Ils devront aussi prouver l’authenticité de leurs diplômes, sinon ils seront purement et simplement radiés et remplacés par des agents méritants. C’est pourquoi, du côté des nombreux jeunes diplômés sans emploi titulaires de vrais diplômes, on souhaite que le ministre Mamadou Namory Traoré aille jusqu’au bout. Il ne faudrait pas que cette affaire ait le goût d’inachevé auquel nous sommes habitués au Mali. Le ministre doit se départir des considérations sociales et politiques pour remettre un peu d’ordre et résoudre définitivement des actes qui ternissent l’image de notre Fonction publique depuis des années et sont à la base du désamour des jeunes diplômés envers celle-ci, tant les recrutements se faisaient de façon occulte.

Que se passe-t- il en réalité? L’affaire en cours concerne 2000 personnes, dans la Fonction publique de l’Etat et celle des collectivités territoriales, dont l’authenticité des diplômes est mise en cause. Sur ce nombre, le cas de 148 fonctionnaires est déjà avéré. Au départ, ces fraudeurs étaient des contractuels. Ils ont par la suite illégalement intégré la Fonction publique avec de faux diplômes. Certains sont même passés à une catégorie supérieure sans suivre la procédure normale en la matière. A titre d’exemple, il y en a qui sont passé de la catégorie C à la B et d’autres, de la catégorie B, qui ont été bombardés en A avec des faux diplômes venant de l’extérieur ou d’universités dont les diplômes ne sont reconnus ni par l’Etat malien ni par le CAMES.

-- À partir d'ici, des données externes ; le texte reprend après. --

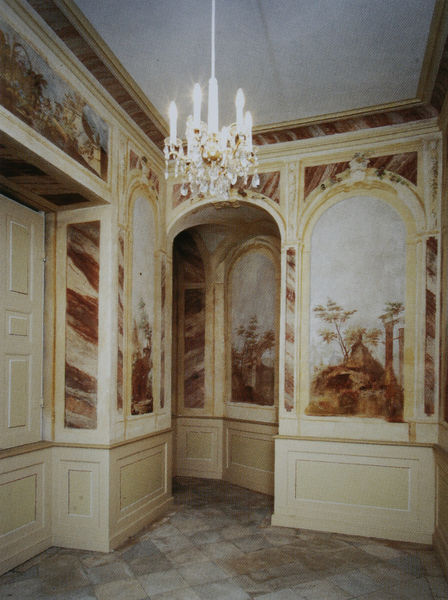
Titel: Loggia-Zimmer
Künstler: Johann Friedrich Weyhing
Standort: Stuttgart
Institution: Schloss Solitude
Schlagwörter: baum, berg, blau, blätter, gemälde, laub, schatten, weiß, bäume, gelb, grün, landschaft, ocker, äste, braun, glas, grau, holz, lampe, licht, marmor, raum, schwarz, säulen, tür, zeichnung, zimmer, haus, rot, schloss, beige, malerei, wand, architektur, sockel, stein, bild, innenraum, spiegel, natur, zweige, boden, interieur, decke, innen, rosa, stilleben, farbig, bilder, bogen, pflaster, fels, farbe, lila, violett, weis, grisaille, pilaster, saal, wandgemälde, wandmalerei, kerzen, kronleuchter, leuchter, lüster, stuck, durchgang, innenansicht, kammer, marmoriert, foto, fotografie, photographie, bögen, wände, birnen, gang, nische, bruan, vergoldet, seil, fliesen, flur, kacheln, einlegearbeiten, photo, wandschmuck, fries, sims, wandbilder, gesims, kristall, farbfoto, sturz, fresken, kasetten, kassetten, kabinett, steinboden, wandbild, illusion, aufnahme, innenarchitektur, fotografi, vertäfelung, kasette, marmorierung, nischen, chambre, wandbemalung, landchaft, wandtäfelung, steinfußboden, landschaften, deckenfries, täfelung, wandverzierung, hause, wandmalereien, kristallleuchter, gefache, decker, holzh, gelbn, honiggelb, elektrizität glas
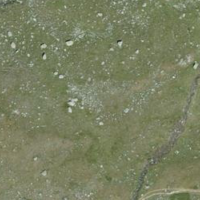
EUNIS habitat code: 26
Species observed at this site:
Kalmia procumbens
Zygaena exulans
Erebia epiphron
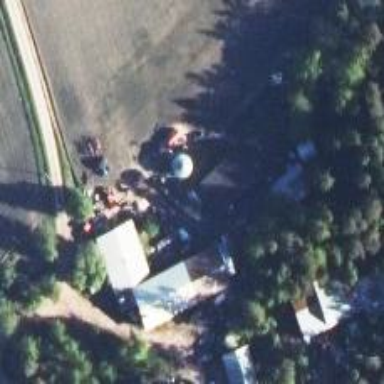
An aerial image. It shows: Farm.

Pour passer d’une catégorie inférieure à une supérieure, il faut remplir un certain nombre de conditions. En général, l’Etat accorde au fonctionnaire un congé de formation, à la fin duquel, avec son nouveau diplôme, il est reclassé. Des sources proches de la direction des Douanes nous rapportent que l’affaire y a pris des proportions démesurées. De simples agents de constatation auraient ainsi illégalement changé de catégorie.

D’où la colère de cet agent: «j’ai fait des études pour devenir Contrôleur des douanes. Comment quelqu’un qui a abandonné les études et sert comme chauffeur peut-il de rien devenir Contrôleur au même titre que moi? Dans ce cas, à quoi auront servi mes études? Ce n’est vraiment pas sérieux. C’est très grave. Vous savez, il y a plusieurs douaniers qui sont cette situation. C’est pourquoi nous saluons cette initiative du ministre et nous espérons qu’il aille jusqu’au bout». Les fraudeurs seront désormais rétrogradés. Le ministère leur accorde un droit de recours afin qu’ils prouvent l’authenticité de leurs diplômes, faute de quoi ils seront radiés. A suivre.